#### Work to complete:
Give the listing back in full, exactly as written, with the pictures removed.
-- Opening Marker --
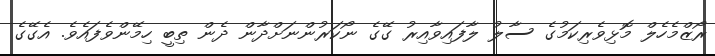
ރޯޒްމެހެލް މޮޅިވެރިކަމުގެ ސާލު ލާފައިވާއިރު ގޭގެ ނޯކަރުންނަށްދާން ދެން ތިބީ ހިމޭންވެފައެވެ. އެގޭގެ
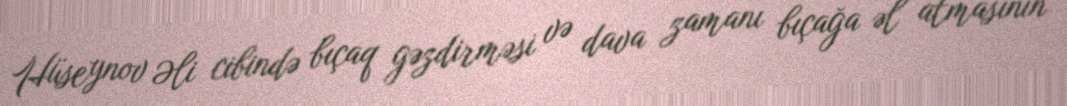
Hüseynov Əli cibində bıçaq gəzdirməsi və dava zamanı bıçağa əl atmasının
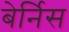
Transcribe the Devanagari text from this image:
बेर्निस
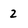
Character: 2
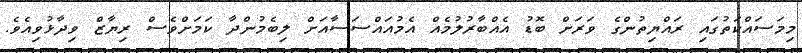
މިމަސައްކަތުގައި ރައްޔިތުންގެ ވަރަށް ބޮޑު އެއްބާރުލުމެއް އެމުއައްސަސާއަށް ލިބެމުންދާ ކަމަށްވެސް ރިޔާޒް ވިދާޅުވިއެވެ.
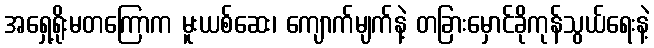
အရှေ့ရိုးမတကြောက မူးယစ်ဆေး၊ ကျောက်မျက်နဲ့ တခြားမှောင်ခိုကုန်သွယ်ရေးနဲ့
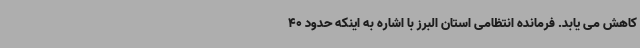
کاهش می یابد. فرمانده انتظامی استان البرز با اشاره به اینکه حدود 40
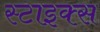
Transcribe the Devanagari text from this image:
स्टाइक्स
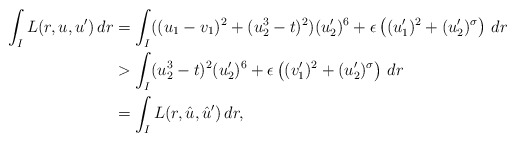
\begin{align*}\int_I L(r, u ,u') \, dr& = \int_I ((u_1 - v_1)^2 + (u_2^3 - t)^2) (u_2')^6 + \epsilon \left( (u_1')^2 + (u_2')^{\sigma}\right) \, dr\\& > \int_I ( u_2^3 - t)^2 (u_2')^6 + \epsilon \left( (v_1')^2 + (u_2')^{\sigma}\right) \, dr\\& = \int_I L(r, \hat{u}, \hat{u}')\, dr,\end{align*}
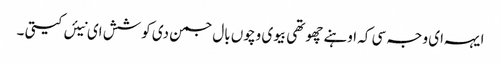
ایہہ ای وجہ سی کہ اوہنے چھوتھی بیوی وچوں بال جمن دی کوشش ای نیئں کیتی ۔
-- Closing Marker --
#### Task solution:
ރޯޒްމެހެލް މޮޅިވެރިކަމުގެ ސާލު ލާފައިވާއިރު ގޭގެ ނޯކަރުންނަށްދާން ދެން ތިބީ ހިމޭންވެފައެވެ. އެގޭގެ
Hüseynov Əli cibində bıçaq gəzdirməsi və dava zamanı bıçağa əl atmasının
Transcribe the Devanagari text from this image:
बेर्निस
Character: 2
މިމަސައްކަތުގައި ރައްޔިތުންގެ ވަރަށް ބޮޑު އެއްބާރުލުމެއް އެމުއައްސަސާއަށް ލިބެމުންދާ ކަމަށްވެސް ރިޔާޒް ވިދާޅުވިއެވެ.
အရှေ့ရိုးမတကြောက မူးယစ်ဆေး၊ ကျောက်မျက်နဲ့ တခြားမှောင်ခိုကုန်သွယ်ရေးနဲ့
کاهش می یابد. فرمانده انتظامی استان البرز با اشاره به اینکه حدود 40
Transcribe the Devanagari text from this image:
स्टाइक्स
\begin{align*}\int_I L(r, u ,u') \, dr& = \int_I ((u_1 - v_1)^2 + (u_2^3 - t)^2) (u_2')^6 + \epsilon \left( (u_1')^2 + (u_2')^{\sigma}\right) \, dr\\& > \int_I ( u_2^3 - t)^2 (u_2')^6 + \epsilon \left( (v_1')^2 + (u_2')^{\sigma}\right) \, dr\\& = \int_I L(r, \hat{u}, \hat{u}')\, dr,\end{align*}
ایہہ ای وجہ سی کہ اوہنے چھوتھی بیوی وچوں بال جمن دی کوشش ای نیئں کیتی ۔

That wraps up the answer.